▶ _Data section_:
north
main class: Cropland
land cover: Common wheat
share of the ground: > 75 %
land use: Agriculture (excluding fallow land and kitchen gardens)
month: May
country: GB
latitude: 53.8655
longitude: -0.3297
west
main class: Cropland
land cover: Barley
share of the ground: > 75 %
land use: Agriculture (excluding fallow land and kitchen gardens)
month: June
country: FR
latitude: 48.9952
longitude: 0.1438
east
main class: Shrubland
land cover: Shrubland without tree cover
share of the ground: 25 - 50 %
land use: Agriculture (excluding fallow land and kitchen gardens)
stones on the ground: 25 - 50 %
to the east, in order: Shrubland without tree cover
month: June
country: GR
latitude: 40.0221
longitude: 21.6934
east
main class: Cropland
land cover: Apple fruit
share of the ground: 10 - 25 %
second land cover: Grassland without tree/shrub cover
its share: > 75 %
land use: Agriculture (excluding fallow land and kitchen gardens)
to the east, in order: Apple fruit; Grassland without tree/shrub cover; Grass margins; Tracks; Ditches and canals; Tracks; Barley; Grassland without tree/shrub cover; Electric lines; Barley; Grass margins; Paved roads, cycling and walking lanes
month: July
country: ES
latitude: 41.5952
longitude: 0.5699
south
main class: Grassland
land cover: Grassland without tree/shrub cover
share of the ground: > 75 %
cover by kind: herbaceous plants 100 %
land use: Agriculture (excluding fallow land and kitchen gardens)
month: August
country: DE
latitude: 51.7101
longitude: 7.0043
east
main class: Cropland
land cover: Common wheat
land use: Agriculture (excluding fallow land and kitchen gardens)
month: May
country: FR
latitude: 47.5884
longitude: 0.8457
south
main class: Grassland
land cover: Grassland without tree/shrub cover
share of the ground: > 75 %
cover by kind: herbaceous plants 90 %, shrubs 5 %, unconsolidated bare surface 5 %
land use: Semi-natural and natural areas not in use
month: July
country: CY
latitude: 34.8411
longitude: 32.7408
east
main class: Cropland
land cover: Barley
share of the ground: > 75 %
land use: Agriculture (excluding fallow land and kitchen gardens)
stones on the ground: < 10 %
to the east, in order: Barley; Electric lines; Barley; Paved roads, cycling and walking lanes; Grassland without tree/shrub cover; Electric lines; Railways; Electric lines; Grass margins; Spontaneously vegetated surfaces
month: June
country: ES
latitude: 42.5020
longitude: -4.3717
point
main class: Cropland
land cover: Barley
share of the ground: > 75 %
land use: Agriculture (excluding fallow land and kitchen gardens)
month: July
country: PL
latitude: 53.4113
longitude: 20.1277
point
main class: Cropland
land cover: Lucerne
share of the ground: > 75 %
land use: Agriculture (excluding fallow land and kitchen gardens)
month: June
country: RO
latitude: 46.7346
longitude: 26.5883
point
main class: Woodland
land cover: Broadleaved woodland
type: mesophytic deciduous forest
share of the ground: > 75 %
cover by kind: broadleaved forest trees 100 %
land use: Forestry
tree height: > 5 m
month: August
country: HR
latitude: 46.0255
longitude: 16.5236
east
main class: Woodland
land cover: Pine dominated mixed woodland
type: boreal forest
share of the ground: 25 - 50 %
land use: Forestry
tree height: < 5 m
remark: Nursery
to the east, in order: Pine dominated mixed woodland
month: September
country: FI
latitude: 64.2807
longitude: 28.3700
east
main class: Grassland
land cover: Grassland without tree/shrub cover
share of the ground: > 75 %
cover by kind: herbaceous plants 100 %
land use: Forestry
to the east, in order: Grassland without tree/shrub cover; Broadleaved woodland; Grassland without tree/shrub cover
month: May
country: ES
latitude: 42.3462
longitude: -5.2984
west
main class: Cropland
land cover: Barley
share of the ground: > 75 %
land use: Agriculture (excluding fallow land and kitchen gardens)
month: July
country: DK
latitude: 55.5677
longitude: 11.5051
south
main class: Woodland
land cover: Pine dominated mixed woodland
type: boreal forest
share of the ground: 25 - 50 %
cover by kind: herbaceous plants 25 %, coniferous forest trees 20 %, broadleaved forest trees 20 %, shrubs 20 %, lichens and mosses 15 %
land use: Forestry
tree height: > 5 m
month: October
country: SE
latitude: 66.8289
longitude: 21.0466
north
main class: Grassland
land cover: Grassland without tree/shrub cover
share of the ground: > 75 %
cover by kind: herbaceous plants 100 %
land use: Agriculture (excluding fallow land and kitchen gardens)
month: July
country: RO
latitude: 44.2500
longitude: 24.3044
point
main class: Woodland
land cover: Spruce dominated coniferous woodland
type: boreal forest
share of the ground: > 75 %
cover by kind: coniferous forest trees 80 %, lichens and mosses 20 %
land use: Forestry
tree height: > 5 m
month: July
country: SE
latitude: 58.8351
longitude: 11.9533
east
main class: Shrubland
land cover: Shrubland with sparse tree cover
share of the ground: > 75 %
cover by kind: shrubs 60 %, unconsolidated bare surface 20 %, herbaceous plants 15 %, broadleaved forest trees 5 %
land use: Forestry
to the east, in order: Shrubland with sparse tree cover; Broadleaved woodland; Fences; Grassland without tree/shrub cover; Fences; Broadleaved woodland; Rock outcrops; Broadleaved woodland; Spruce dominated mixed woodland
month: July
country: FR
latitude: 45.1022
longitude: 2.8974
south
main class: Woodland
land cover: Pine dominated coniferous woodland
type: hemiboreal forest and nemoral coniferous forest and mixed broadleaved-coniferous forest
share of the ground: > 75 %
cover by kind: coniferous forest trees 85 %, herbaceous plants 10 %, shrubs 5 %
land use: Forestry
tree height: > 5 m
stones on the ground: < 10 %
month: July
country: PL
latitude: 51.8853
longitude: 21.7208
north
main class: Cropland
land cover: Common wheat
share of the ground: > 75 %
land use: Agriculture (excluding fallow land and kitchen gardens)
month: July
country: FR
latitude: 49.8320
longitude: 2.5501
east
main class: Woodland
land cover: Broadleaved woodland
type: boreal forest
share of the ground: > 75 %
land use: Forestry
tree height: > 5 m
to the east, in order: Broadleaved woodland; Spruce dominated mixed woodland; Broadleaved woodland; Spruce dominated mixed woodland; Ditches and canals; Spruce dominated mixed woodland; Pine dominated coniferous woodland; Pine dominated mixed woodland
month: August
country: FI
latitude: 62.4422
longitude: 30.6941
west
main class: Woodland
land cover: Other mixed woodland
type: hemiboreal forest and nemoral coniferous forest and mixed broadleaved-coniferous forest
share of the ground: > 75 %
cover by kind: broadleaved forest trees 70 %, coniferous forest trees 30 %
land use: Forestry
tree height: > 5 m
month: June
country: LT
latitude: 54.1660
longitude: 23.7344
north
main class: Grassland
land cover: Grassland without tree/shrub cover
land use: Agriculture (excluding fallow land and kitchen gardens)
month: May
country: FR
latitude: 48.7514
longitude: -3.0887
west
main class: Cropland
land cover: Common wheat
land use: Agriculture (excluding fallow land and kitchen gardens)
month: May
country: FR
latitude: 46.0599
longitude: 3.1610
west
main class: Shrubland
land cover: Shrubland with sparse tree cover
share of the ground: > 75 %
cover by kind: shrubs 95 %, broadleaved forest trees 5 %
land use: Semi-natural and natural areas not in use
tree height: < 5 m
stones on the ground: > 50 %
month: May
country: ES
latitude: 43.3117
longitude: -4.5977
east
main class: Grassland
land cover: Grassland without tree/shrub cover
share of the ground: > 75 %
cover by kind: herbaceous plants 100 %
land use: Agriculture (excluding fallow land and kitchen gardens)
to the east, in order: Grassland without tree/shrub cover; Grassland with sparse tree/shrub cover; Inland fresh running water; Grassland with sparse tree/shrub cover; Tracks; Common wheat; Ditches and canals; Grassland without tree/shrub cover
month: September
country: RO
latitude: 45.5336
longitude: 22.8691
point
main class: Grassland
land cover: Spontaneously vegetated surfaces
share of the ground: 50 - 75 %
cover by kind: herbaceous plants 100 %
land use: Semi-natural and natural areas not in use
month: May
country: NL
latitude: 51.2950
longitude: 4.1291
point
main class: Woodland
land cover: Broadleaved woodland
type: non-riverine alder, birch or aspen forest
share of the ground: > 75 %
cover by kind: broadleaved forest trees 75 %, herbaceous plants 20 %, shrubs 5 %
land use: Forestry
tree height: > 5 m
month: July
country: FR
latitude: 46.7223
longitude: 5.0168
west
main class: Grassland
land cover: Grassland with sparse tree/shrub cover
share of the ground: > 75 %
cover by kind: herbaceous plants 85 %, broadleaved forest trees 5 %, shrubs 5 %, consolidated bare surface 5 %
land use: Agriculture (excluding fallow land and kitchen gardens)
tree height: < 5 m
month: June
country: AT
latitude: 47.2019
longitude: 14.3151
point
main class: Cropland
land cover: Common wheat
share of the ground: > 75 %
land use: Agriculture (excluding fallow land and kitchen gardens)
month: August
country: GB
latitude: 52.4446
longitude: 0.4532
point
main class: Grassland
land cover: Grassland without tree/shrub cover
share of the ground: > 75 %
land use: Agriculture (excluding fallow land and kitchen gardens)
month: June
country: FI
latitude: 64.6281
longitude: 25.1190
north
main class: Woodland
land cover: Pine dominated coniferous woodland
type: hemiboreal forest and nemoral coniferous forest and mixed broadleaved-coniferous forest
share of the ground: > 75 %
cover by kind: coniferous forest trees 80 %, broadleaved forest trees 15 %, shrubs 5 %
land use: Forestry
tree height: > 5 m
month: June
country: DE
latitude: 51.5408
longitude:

▶ _Requirement_:
Exactly the lines from the start of the entries through the one bearing "land cover: Shrubland without tree cover" are to be output, with both ends included.

▶ _Exercise answer_:
north
main class: Cropland
land cover: Common wheat
share of the ground: > 75 %
land use: Agriculture (excluding fallow land and kitchen gardens)
month: May
country: GB
latitude: 53.8655
longitude: -0.3297
west
main class: Cropland
land cover: Barley
share of the ground: > 75 %
land use: Agriculture (excluding fallow land and kitchen gardens)
month: June
country: FR
latitude: 48.9952
longitude: 0.1438
east
main class: Shrubland
land cover: Shrubland without tree cover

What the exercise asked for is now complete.